If Labour win next year, if we form a government, if Ed Miliband is the Prime Minister, then there will be cuts. The argument over that has long been and gone, and there is no doubt left: it will not be fun. Cuts won’t be reversed, and there will be more to come. If you want the full, grim depiction of what Labour’s first Cabinet meeting will look like, I’ll let Hopi Sen give you the nightmares.
YouGov’s latest polling finds that far more people feel that the government’s cuts have benefited the economy rather than hindered it. What people are unhappy about, and what must surely be at least partly responsible for Labour’s slight-but-stubborn poll lead, is the way the cuts have been administered: 53% feel the cuts have been carried out unfairly. “The public” seem to be saying that they accept the need for cuts but not these cuts. It looks like it should be paradoxical, but it’s not – not quite, anyway.
There is a fine line that can be walked here, with an argument that emphasises both fairness and fiscal responsibility. Obviously, it’s not easy: if there were popular cuts to be made you can be sure the Tories would have carried them out already. But increasingly, it looks like the only way to go into the next election.
Fortunately, it is exactly the economic argument that Labour are planning to make in the run-up to May next year. We already hold good ground on one side of the argument – for the past four years we have attacked the Tories’ austerity agenda. People know that we have been against it.

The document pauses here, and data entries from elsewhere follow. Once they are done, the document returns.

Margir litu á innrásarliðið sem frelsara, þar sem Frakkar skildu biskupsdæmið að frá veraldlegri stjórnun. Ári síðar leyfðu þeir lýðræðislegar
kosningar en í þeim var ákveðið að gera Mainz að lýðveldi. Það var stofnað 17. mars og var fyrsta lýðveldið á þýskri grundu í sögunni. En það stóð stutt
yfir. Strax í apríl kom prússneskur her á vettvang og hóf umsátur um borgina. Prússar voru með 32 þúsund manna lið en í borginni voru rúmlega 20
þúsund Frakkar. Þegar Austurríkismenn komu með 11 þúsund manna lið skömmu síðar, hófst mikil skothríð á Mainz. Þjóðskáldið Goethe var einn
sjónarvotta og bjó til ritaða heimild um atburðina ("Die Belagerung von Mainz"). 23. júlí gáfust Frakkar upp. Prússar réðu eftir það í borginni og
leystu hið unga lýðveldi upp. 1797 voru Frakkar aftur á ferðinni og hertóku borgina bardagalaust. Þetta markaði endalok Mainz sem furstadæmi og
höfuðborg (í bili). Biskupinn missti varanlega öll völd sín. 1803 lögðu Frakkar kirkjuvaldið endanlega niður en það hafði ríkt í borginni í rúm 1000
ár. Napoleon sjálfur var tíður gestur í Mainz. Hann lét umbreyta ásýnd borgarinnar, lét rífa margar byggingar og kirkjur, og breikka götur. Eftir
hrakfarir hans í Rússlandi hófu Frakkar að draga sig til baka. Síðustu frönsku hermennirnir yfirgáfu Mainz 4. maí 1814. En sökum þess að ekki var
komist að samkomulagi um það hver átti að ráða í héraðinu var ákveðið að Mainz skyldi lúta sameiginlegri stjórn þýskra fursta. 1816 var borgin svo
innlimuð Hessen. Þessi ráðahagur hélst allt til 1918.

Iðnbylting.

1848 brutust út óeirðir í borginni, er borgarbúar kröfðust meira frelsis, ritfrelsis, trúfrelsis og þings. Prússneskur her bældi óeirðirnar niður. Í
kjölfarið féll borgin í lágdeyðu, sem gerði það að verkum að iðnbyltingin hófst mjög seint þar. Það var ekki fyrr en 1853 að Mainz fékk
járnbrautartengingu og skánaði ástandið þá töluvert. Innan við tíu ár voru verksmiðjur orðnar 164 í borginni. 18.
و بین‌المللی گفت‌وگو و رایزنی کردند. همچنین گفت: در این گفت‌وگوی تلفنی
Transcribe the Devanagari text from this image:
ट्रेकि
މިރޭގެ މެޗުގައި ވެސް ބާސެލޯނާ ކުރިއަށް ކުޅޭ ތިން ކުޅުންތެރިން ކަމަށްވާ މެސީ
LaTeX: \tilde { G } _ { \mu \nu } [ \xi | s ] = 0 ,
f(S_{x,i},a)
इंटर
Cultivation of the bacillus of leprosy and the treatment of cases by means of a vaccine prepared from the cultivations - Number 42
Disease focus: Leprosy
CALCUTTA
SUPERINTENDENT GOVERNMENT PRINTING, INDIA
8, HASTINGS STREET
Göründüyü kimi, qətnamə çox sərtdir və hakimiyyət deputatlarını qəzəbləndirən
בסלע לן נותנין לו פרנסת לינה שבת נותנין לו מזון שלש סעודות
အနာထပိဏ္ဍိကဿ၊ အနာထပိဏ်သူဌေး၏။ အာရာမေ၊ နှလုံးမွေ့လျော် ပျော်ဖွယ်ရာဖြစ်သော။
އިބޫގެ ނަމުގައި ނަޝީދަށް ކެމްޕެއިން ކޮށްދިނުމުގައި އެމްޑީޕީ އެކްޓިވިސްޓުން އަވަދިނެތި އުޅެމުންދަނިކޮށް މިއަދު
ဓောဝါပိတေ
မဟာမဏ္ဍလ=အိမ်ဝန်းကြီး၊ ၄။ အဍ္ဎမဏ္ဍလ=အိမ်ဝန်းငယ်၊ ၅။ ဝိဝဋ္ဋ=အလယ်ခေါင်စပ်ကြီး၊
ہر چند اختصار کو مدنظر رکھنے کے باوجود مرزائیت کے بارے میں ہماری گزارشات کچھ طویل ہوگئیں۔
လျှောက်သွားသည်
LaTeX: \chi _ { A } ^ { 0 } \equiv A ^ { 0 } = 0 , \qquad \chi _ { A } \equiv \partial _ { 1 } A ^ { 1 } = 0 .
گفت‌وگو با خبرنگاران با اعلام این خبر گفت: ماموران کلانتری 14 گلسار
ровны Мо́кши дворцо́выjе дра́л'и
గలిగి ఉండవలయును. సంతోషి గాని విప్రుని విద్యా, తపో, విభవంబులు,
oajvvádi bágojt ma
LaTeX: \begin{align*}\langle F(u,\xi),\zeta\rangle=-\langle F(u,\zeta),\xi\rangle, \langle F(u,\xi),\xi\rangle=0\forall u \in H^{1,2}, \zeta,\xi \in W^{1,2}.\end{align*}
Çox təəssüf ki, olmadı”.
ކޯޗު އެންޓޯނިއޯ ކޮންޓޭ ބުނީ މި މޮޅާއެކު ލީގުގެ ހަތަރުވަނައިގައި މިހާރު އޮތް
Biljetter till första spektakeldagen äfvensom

While Miliband’s personal ratings generally make for depressing reading, he carries a consistently strong lead on being in touch with the concerns of ordinary people. It is a good base to build on. What we need now is a touch of honesty. “Honesty” is the other quality on which Miliband holds a lead of the other party leaders. It could be his saving grace.
We know how much damage can be caused by a politician’s honest appearance being crushed once in government: we need look no further than Nick Clegg. For Miliband, the only thing that will make the tough decisions in Number 10 any easier will be if he’s straight with us now. If he is not clear now about the cuts he plans to make, the public backlash once they are implemented could have a deeper and longer-lasting effect on the party’s image than the 1983 manifesto.
That’s if we get that far at all. As Andrew Rawnsley identified this weekend: “Labour won’t win power over the people’s money unless it is trusted with the people’s money”.
There really is little point in identifying a strategy (in this case, deficit reduction) for winning people’s confidence in your ability to handle the economy if all you then do is allude to it. Simply saying that “tough decisions” will be made won’t convince people.
We often hear about how Labour need to be bold and radical. When Miliband next makes a big policy announcement he needs to make his boldest and most radical step yet: he needs to tell us the first big cut he’s going to make.